Last Updated: 2023-10-16

Basic Information

• Recruitment Status: COMPLETED
• Clinical Phase: PHASE3
• Total Enrollment: 11349 participants
• Study Classification: INTERVENTIONAL
• Study Start Date: 2021-09-10
• Study Completion Date: 2023-05-31

Brief Summary

This study is a global multi-center , case-driven, randomized, double-blinded, and placebo-controlled phase Ⅲ clinical trial of the SARS-CoV-2 inactivated vaccine manufactured by Sinovac Research & Development Co., Ltd. The purpose of this study is to evaluate the efficacy of two dose of CoronaVac® against RT-PCR confirmed symptomatic COVID-19 cases in participants aged 6 months to 17 years.

Detailed Description

This study is a global multi-center , case-driven, randomized, double-blinded, and placebo-controlled phase Ⅲ clinical trial in participants aged 6 months to 17 years.The purpose of this study is to evaluate the efficacy of two dose of CoronaVac® against RT-PCR confirmed symptomatic COVID-19 cases in participants aged 6 months to 17 years.The experimental vaccine and placebo were both manufactured by Sinovac Research & Development Co., Ltd. A total of 14,000 healthy participants aged 6 months to 17 years will be enrolled, and randomly assigned into 2 groups at a ratio of 1:1 to receive 2 doses of experimental vaccine (600SU) or placebo with an interval of 28 days.

Conditions

COVID-19

Study Design

• Allocation Method: RANDOMIZED
• Intervention Model: PARALLEL
• Primary Study Purpose: PREVENTION
• Blinding Strategy: DOUBLE

Study Groups

Experimental Group

subjects will receive two doses of inactivated COVID-19 vaccine on day 0 and day 28.

Group Type: EXPERIMENTAL

Inactivated COVID-19 Vaccine

Intervention Type: BIOLOGICAL

The inactivated COVID-19 vaccine was manufactured by Sinovac Research\& Development Co., Ltd..600SU Inactivated SARS-COV-2 virus in 0·5 mL of aluminium hydroxide solution per injection

Control Group

subjects will receive two doses of placebo on day 0 and day 28.
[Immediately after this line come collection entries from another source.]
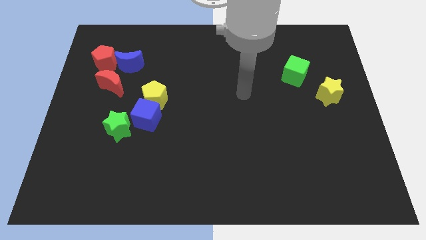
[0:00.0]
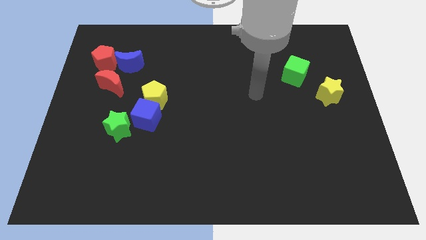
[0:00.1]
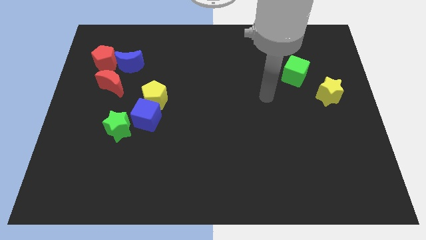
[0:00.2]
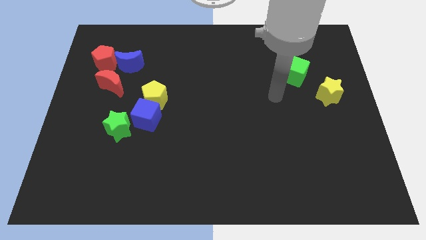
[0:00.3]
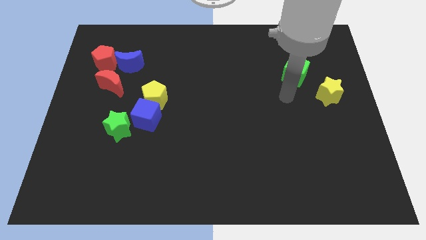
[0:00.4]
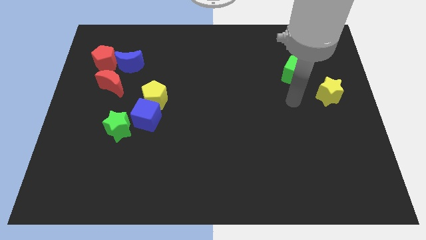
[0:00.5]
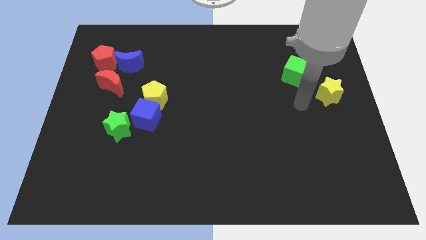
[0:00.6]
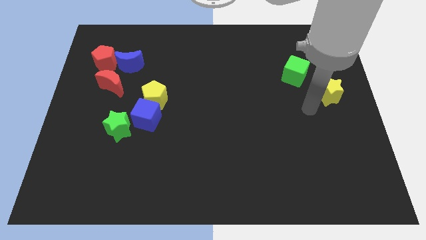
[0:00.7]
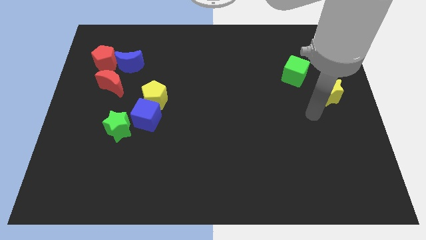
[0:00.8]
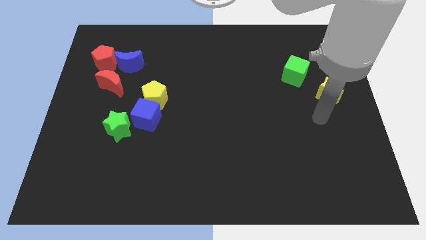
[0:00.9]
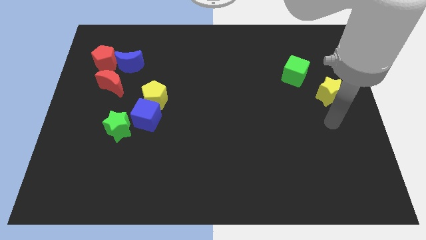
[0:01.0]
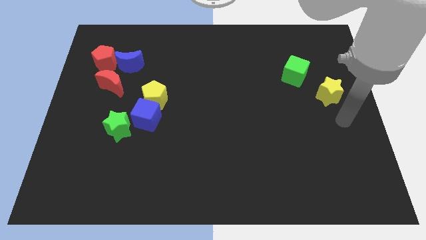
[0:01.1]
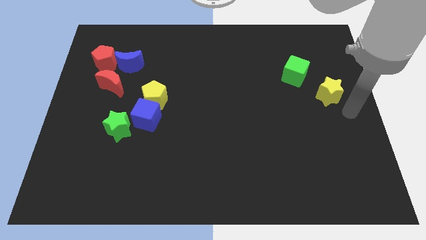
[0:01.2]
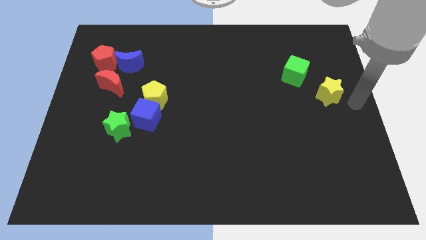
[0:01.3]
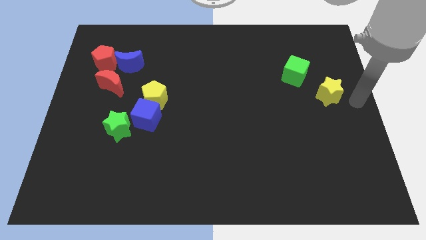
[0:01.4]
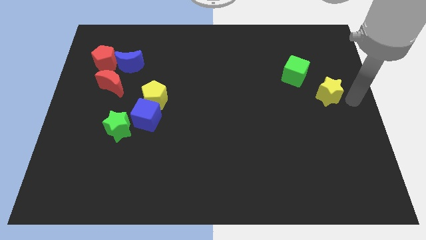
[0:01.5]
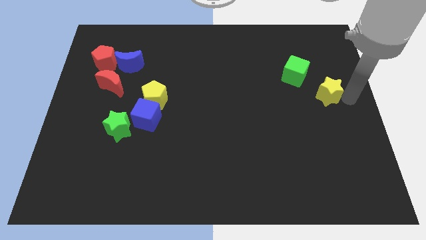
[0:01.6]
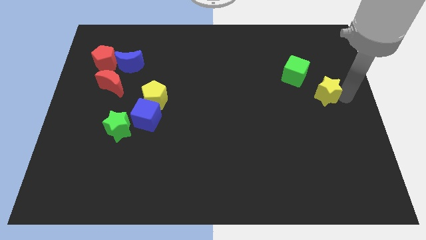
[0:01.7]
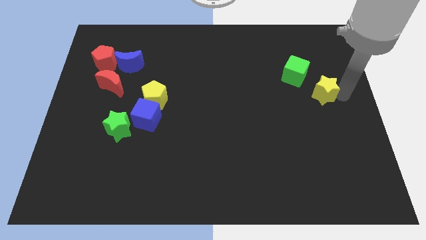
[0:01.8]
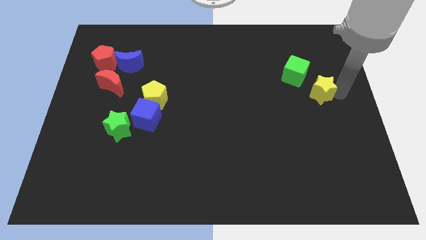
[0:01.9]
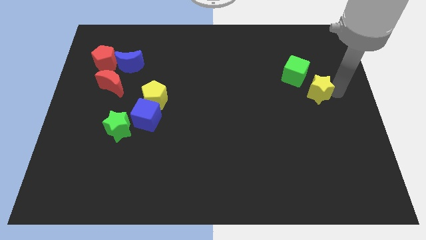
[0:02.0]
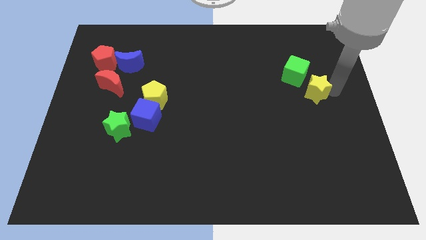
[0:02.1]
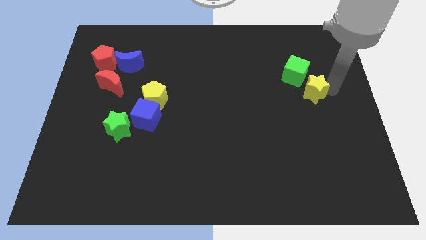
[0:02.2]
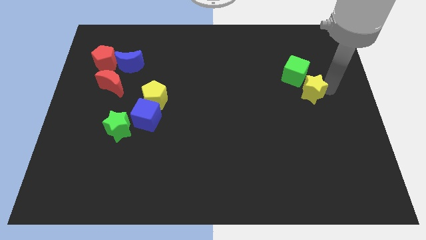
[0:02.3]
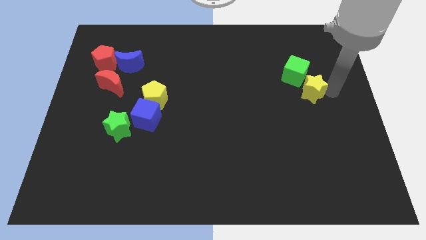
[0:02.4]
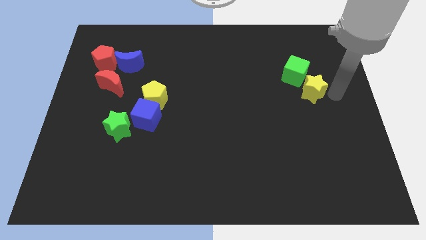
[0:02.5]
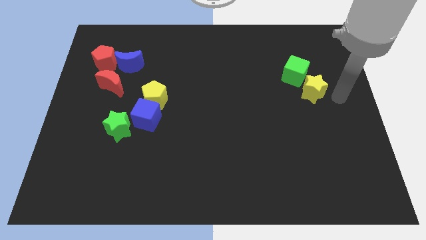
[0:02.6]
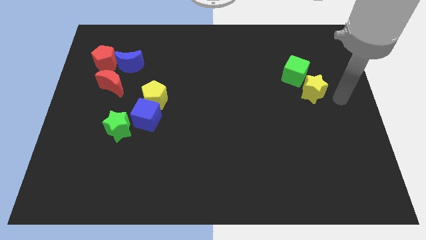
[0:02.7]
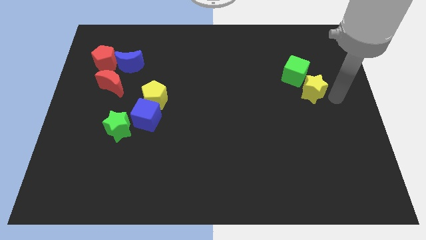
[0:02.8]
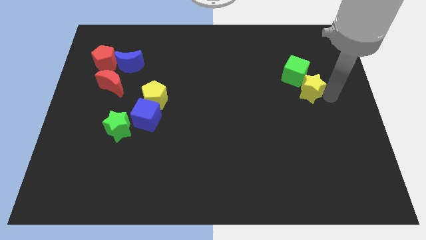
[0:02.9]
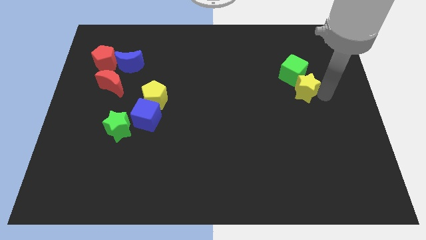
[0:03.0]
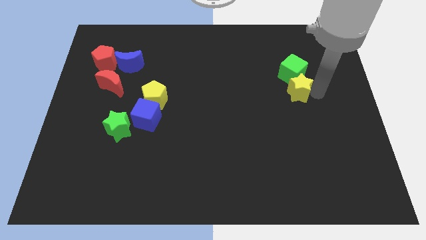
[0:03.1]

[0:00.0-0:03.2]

Group Type: PLACEBO_COMPARATOR

Controlled vaccine

Intervention Type: BIOLOGICAL

The placebo was manufactured by Sinovac Research\& Development Co., Ltd.The composition is aluminium hydroxide,The appearance of the placebo is consistent with the vaccine, which is a milky-white suspension.

Interventions

Inactivated COVID-19 Vaccine

The inactivated COVID-19 vaccine was manufactured by Sinovac Research\& Development Co., Ltd..600SU Inactivated SARS-COV-2 virus in 0·5 mL of aluminium hydroxide solution per injection

Intervention Type: BIOLOGICAL

Controlled vaccine

The placebo was manufactured by Sinovac Research\& Development Co., Ltd.The composition is aluminium hydroxide,The appearance of the placebo is consistent with the vaccine, which is a milky-white suspension.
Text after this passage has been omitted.